Ficha de Revisão: falácias informais

A. Diga o nome da falácia informal que existe em cada um dos exemplos.

B. Justifique de modo breve as respostas dadas à questão anterior.

C. Reescreva o argumento presente no exemplo 2, colocando-o na sua expressão canónica. Formalize esse argumento e teste a sua validade formal através de um inspector de circunstâncias.

1) Num congresso, falei com 200 professores de Filosofia portugueses e nenhum relacionou a afirmação “Atitude socrática significa atitude crítica” com o actual primeiro-ministro, José Sócrates. Ora, 200 professores é muita gente… É gente suficiente para percebermos que nenhum professor português poderia relacionar essa afirmação com o primeiro-ministro.

2) Ou consideras que o argumento do desígnio é um bom argumento ou não és verdadeiramente religioso. Ok… Então continuas a dizer que o argumento do desígnio não é um bom argumento? Sendo assim, vejo-me obrigado a dizer que tu não és verdadeiramente crente.

3) O Ernesto, num teste de Filosofia do 11º Ano, escreveu o seguinte: «Platão foi realmente um grande filósofo, mas enganou-se quando disse: “É preferível ser vítima de injustiça do que praticá-la.” Faço esta afirmação porque sei que ele era homossexual.»

4) Os filósofos tal como os políticos querem convencer os seus interlocutores de que têm razão. Além disso, tanto uns como os outros são pessoas com qualidades e defeitos, têm amor-próprio e interesses pessoais, mas também momentos de generosidade e… Bem, são parecidos em muitas outras coisas, pois ao fim e ao cabo são todos humanos. Ora, sabe-se que um dos principais objectivos dos políticos é conquistar o poder. Por isso, não custa adivinhar que conquistar o poder também é objectivo importante dos filósofos.

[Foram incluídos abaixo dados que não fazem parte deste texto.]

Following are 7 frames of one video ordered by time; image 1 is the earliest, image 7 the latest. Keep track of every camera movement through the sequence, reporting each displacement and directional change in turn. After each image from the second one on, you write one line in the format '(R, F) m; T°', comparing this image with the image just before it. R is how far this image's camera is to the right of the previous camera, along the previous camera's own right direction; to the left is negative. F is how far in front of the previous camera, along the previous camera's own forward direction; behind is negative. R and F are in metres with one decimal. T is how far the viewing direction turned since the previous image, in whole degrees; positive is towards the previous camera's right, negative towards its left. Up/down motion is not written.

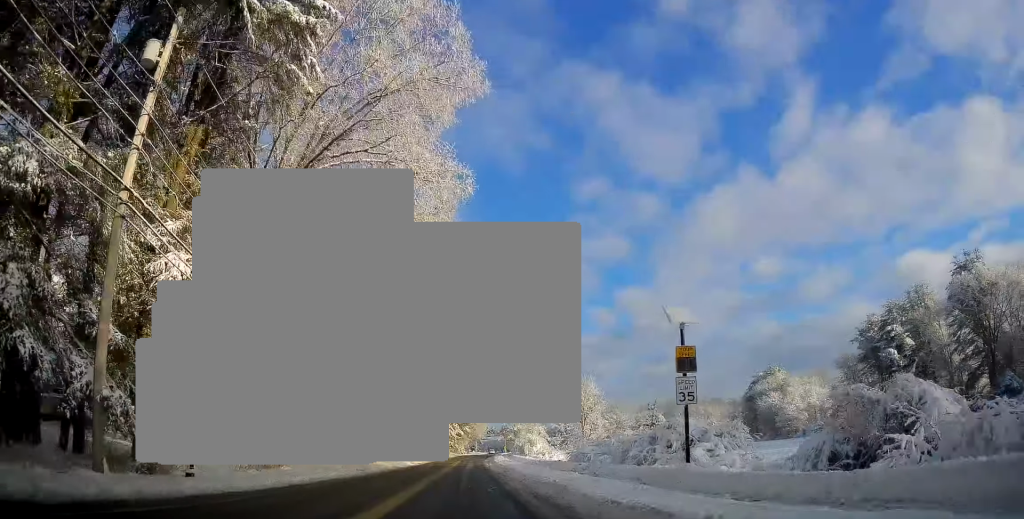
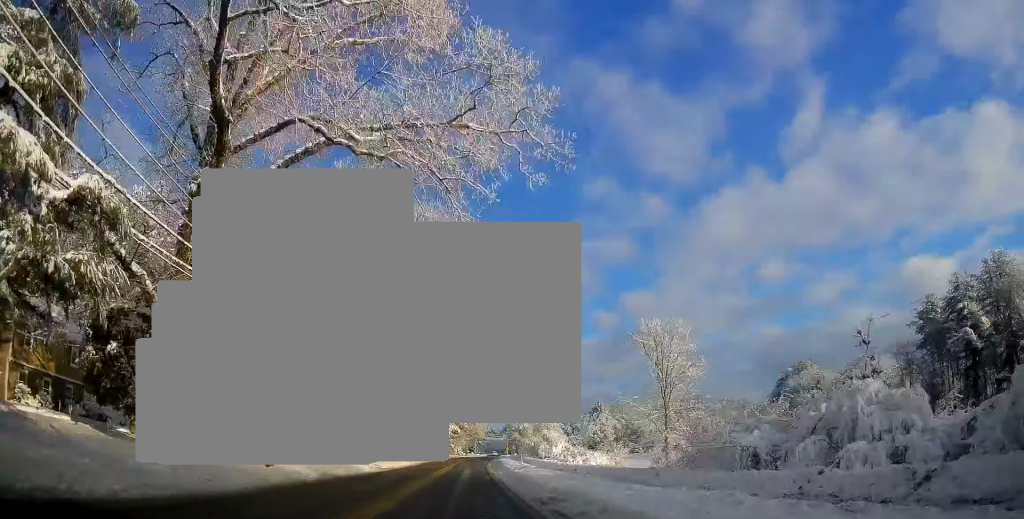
(+0.1, +23.1) m; +1°
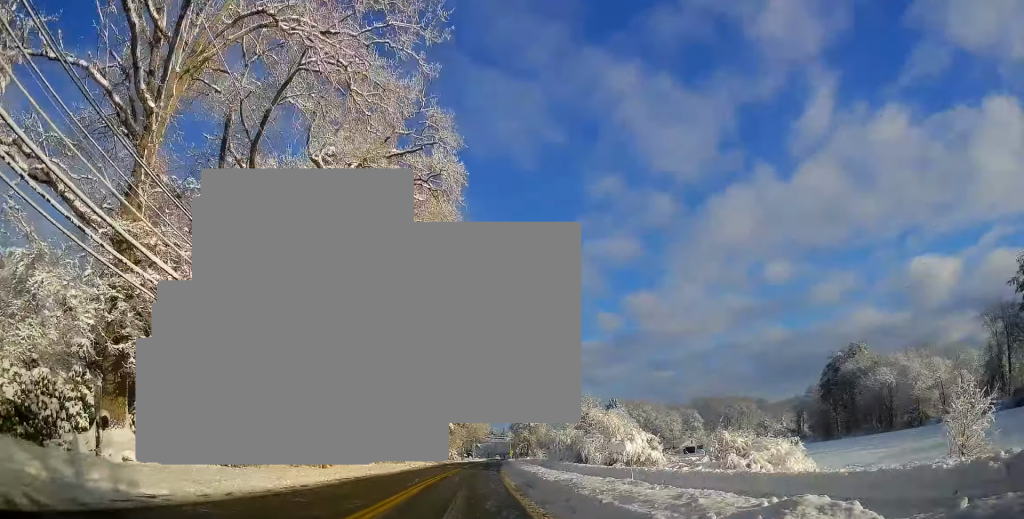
(-0.1, +32.7) m; -1°
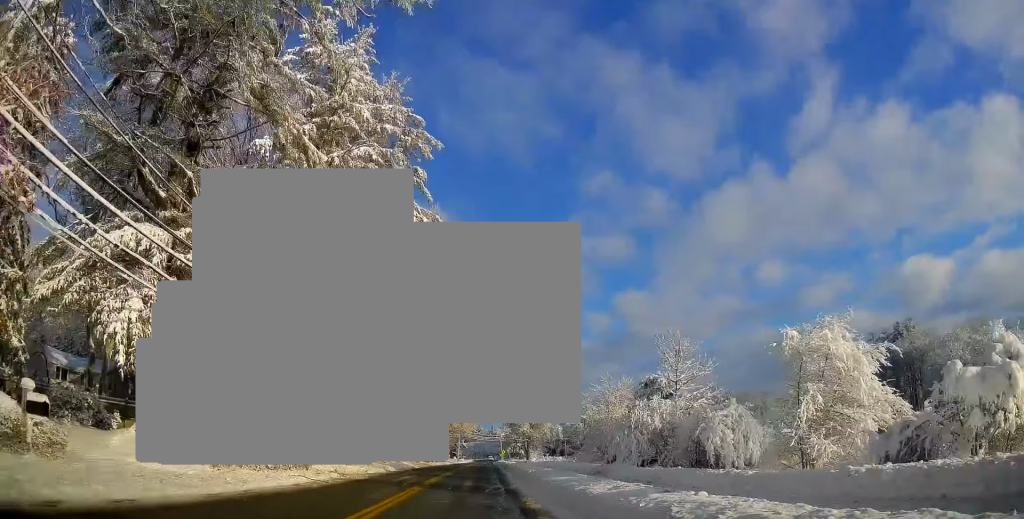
(0.0, +28.2) m; 0°
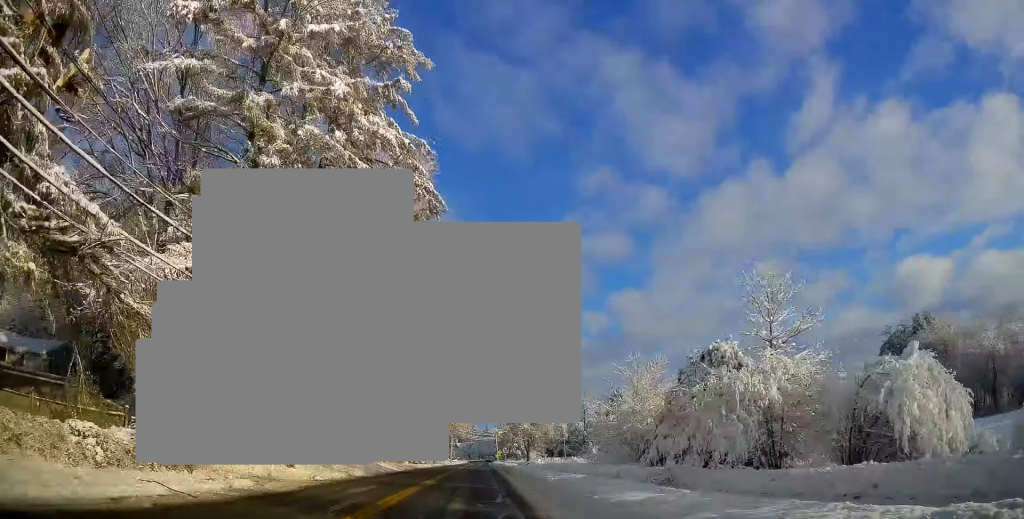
(0.0, +10.4) m; 0°
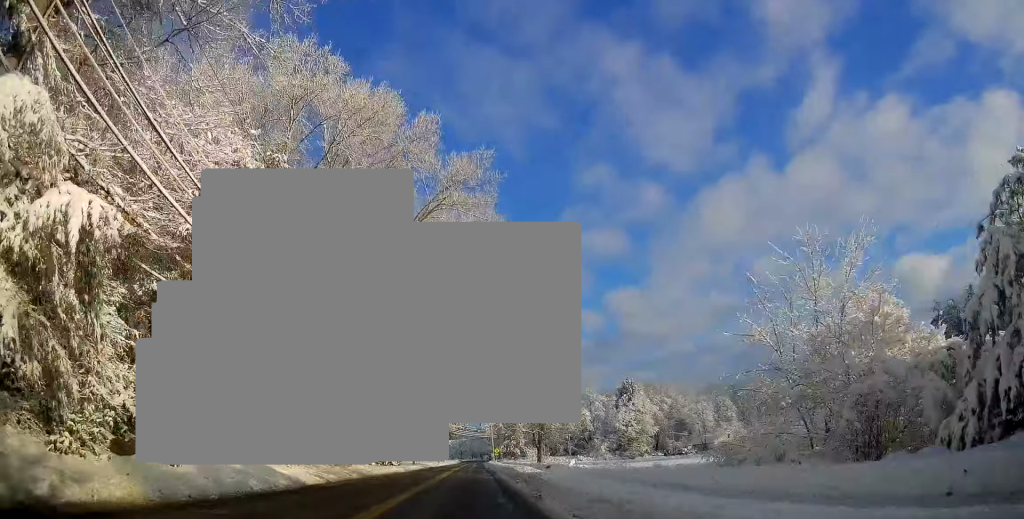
(+0.1, +22.3) m; 0°
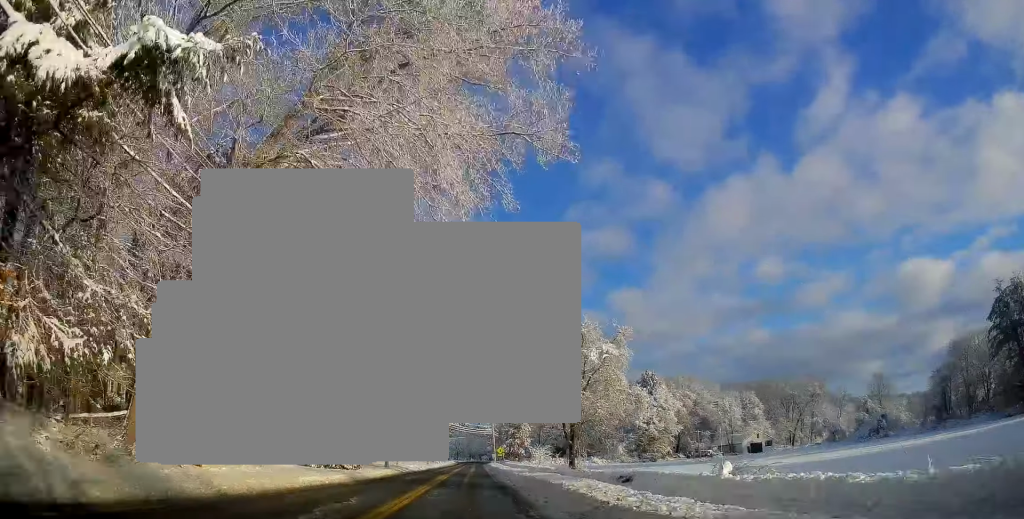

5) «Quando exigiram ao senador americano Joseph McCarthy provas para sustentar a sua acusação de que uma certa pessoa era comunista, ele declarou: “Não tenho muita informação sobre isso, excepto a declaração genárica da CIA de que nada existe nos seus ficheiros que refute os seus possíveis contactos comunistas”.» A. Weston, A arte de argumentar, Gradiva, pág. 110.

6) “Ler é uma grande chatice, pois os livros (ai aquelas letras todas…) têm pouco interesse. São… O que é que queres que te diga, Maria? São aborrecidos!”

7) No romance "A Voz dos Deuses", de João Aguiar, é referido um antigo povo (os Cónios) que vivia na terra hoje chamada Algarve e que, ao pôr-do-sol, realizavam uma cerimónia religiosa no promontório de Sagres para conseguir que no dia seguinte o Sol voltasse a nascer.

8) O professor de Filosofia do Frederico, do Jaime e da Júlia organizou uma feira do livro na escola. Sugeriu aos alunos que comprassem um livro (recomendou vários, nomeadamente “A Voz dos Deuses”, de João Aguiar e “Michael Kohlhaas, O Rebelde”, de H. Kleist). Para os convencer disse-lhes que caso a feira do livro não fosse um sucesso ele, como organizador, ficaria mal visto.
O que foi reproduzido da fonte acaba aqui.